Deﬁnes IQCs for a sector bounded scalar nonlinearity.

Synopsis

w==iqc_sector(v,alpha,beta)

[w,x]=iqc_sector(v,alpha,beta)

Description

Let $$\varphi$$ be a sector bounded nonlinearity with $$\alpha v^{2} \leq v\varphi(v, t) \leq \beta v^{2}$$, for all $$v \in \textbf{R}$$, and $$t \geq 0$$, where $$\alpha \leq \beta$$. The iqc_sector command generates the IQCs

$$x \langle w - \alpha v, \beta v - w \rangle \geq 0,$$

where $$x > 0$$ and $$w = \varphi(v)$$.

Input/Outputs

Inputs:

v       Scalar input to nonlinearity.

alpha Lower sector bound. Default alpha=0.

beta  Upper sector bound (beta> alpha).

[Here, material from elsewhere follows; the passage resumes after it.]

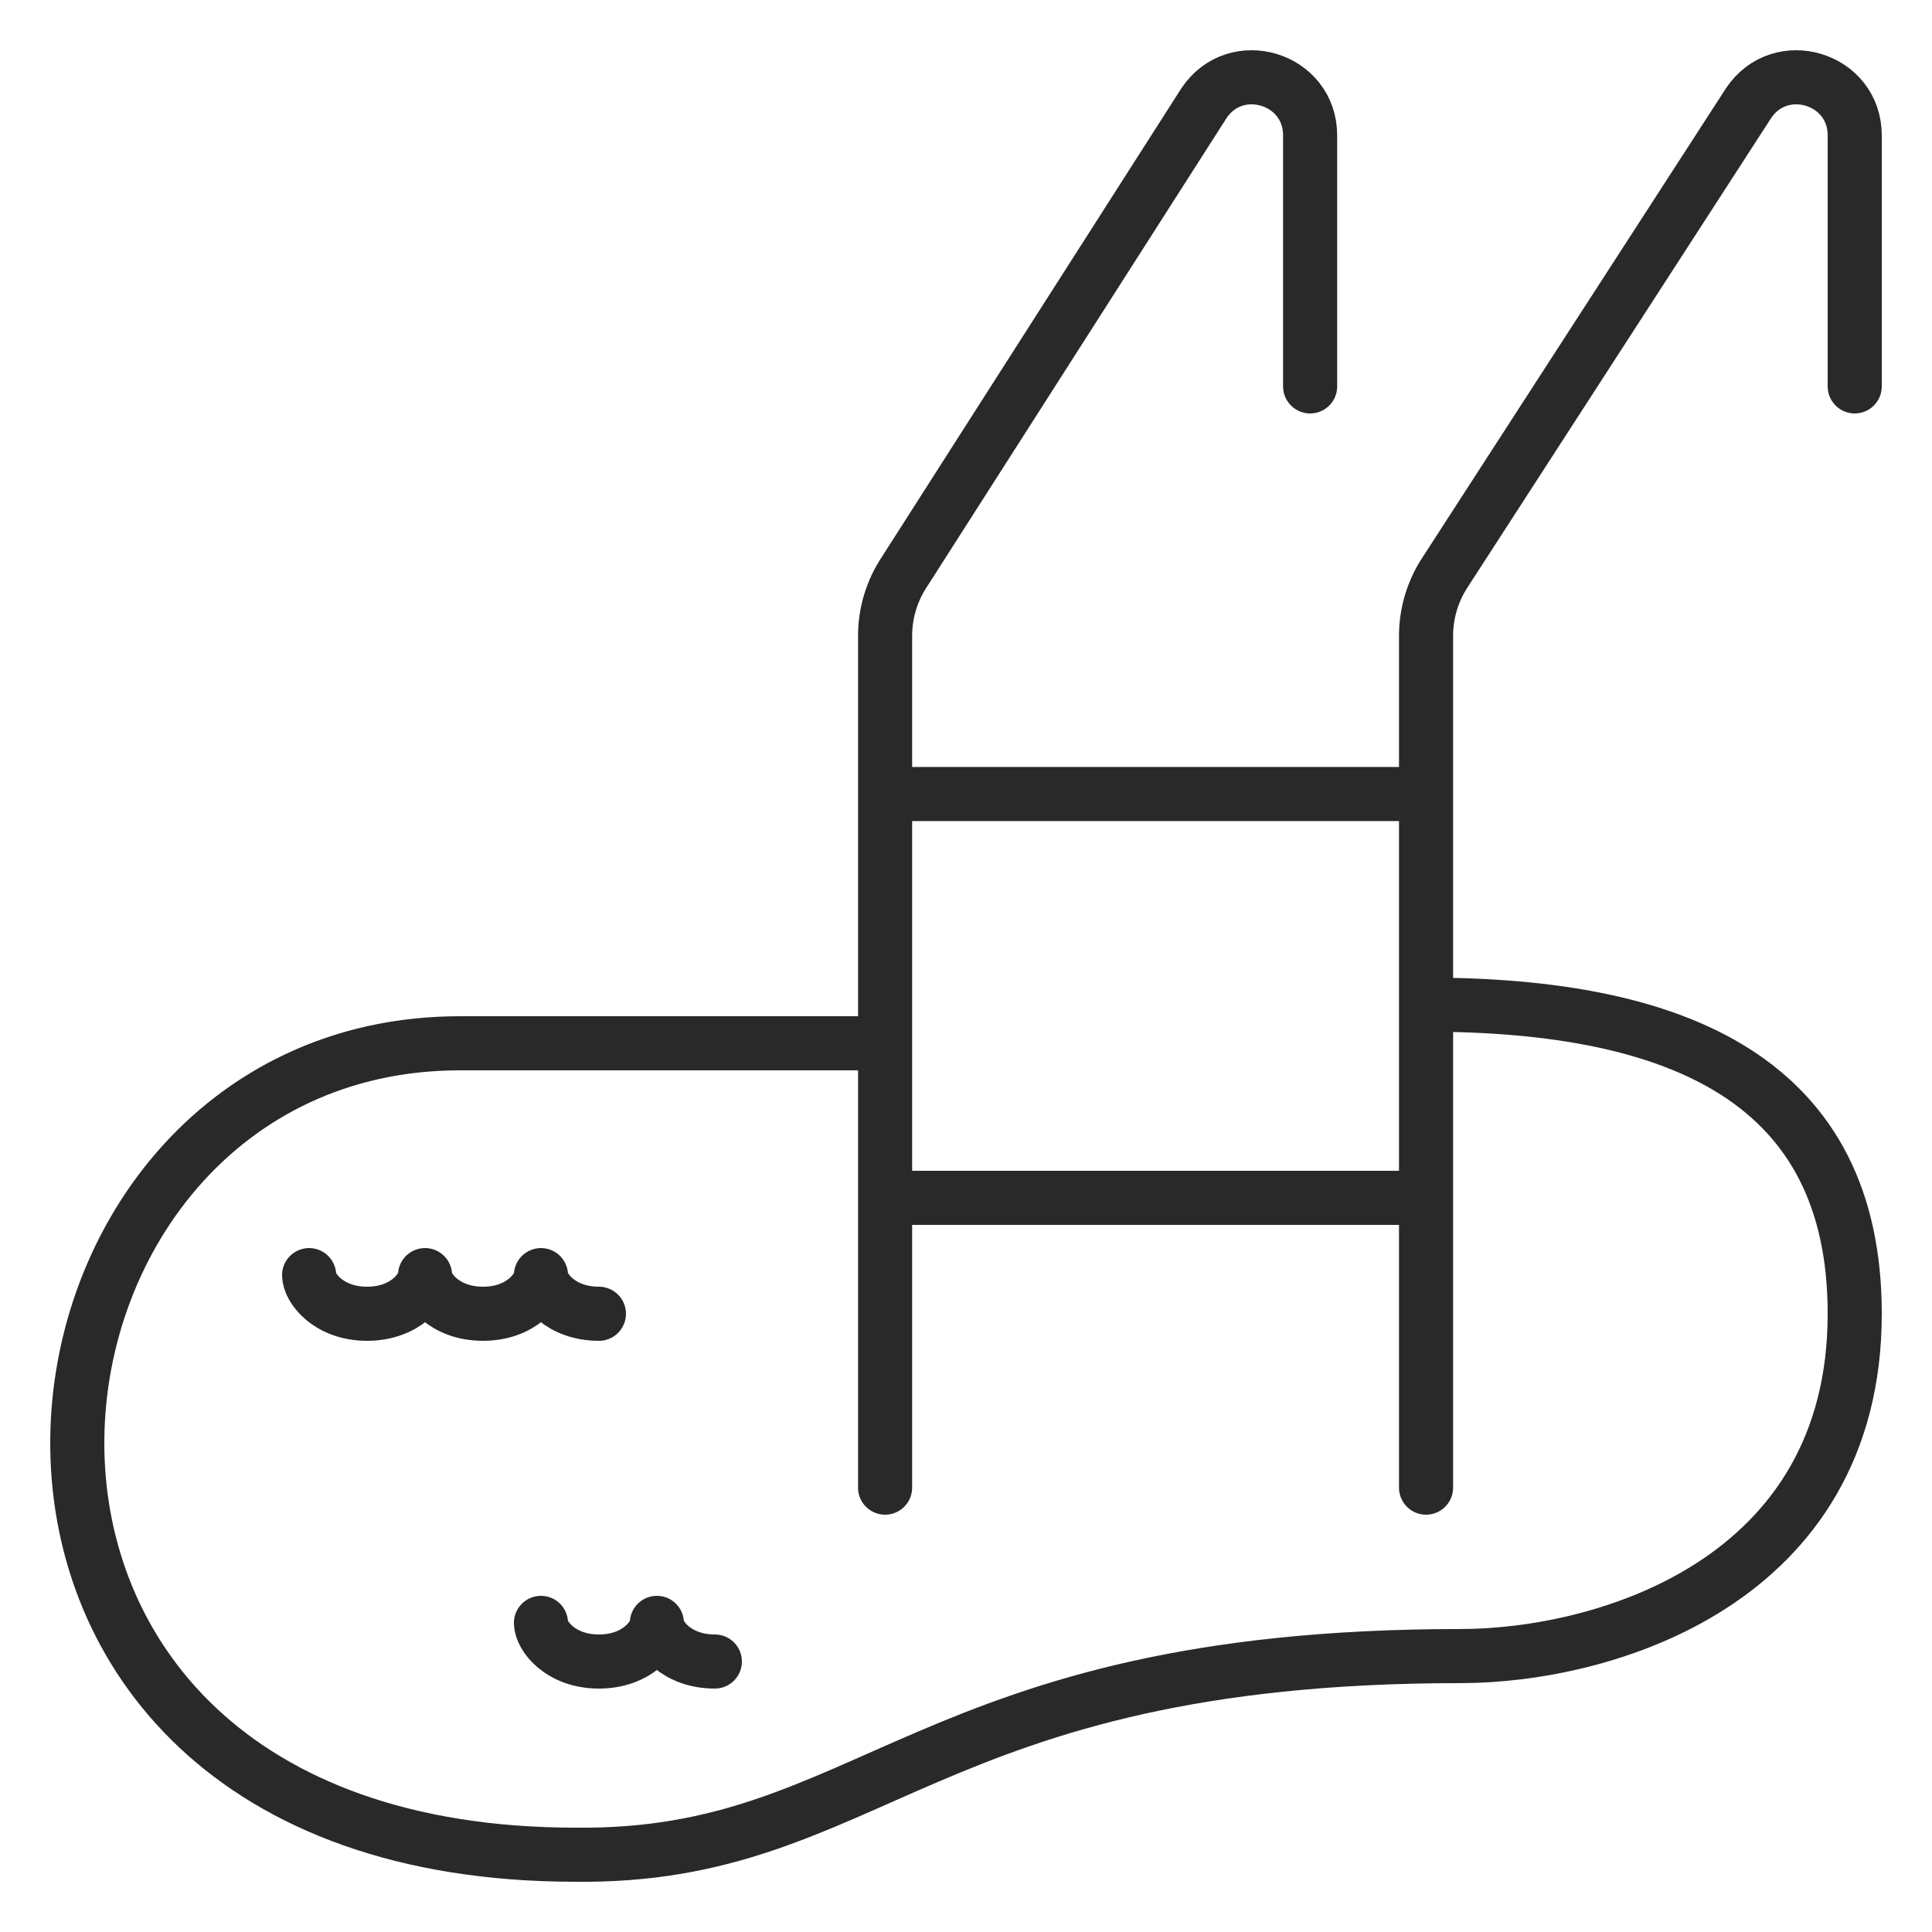 <svg width="50" height="50" viewBox="0 0 50 50" fill="none" xmlns="http://www.w3.org/2000/svg">
<path d="M48 10V3.503C48 2.019 46.075 1.436 45.252 2.671L37.41 14.793C37.081 15.286 36.906 15.865 36.906 16.457V20.549M22.906 20.549V16.457C22.906 15.865 23.081 15.286 23.41 14.793L31.158 2.671C31.981 1.436 33.906 2.019 33.906 3.503V10M22.906 20.549H36.906M22.906 20.549V27M36.906 20.549V26M22.906 38.5V31M22.906 31H36.906M22.906 31V27M36.906 38.5V31M36.906 31V26M36.906 26C43.5 26 48 28 48 34C48 40.961 41.501 42.859 37.798 42.859C23.936 42.859 22.566 48.081 14.906 48C-3.007 48 -0.594 27 11.906 27H22.906M8 33C8 33.333 8.5 34 9.5 34C10.5 34 11 33.333 11 33C11 33.333 11.5 34 12.5 34C13.5 34 14 33.333 14 33C14 33.333 14.5 34 15.5 34M14 42C14 42.333 14.5 43 15.5 43C16.5 43 17 42.333 17 42C17 42.333 17.5 43 18.5 43" stroke="#292929" stroke-width="1.4" stroke-linecap="round" stroke-linejoin="round"/>
</svg>

Default beta=1.

Outputs:

w      Scalar output from nonlinearity.

x       The decision variable (optional).

Example

Figure 1: Simple feedback interconnection of nonlinearity and linear system.

Consider the system in Figure 1. We assume that $$\varphi \in \textrm{sector}[0,\ 1]$$ (i.e., $$\alpha = 0$$, and $$\beta = 1$$), and

$$G(s)=-0.5\frac{s+1}{s^{2}+0.1s+1}$$

We want to ﬁnd an estimate of the induced L2-gain from f to v.  The following sequence of commands computes the estimate gain=48.8608.  Use of better IQCs for the nonlinearity will give better gain estimates.

>>G=-ss([-0.1 -1;1 0],[0.5;0],[1 1],0);

>>abst_init_iqc;

>>w=signal;

>>f=signal;

>>v=G*(w+f);

>>w==iqc_sector(v,0,1);

>>gain=iqc_gain_tbx(f,v);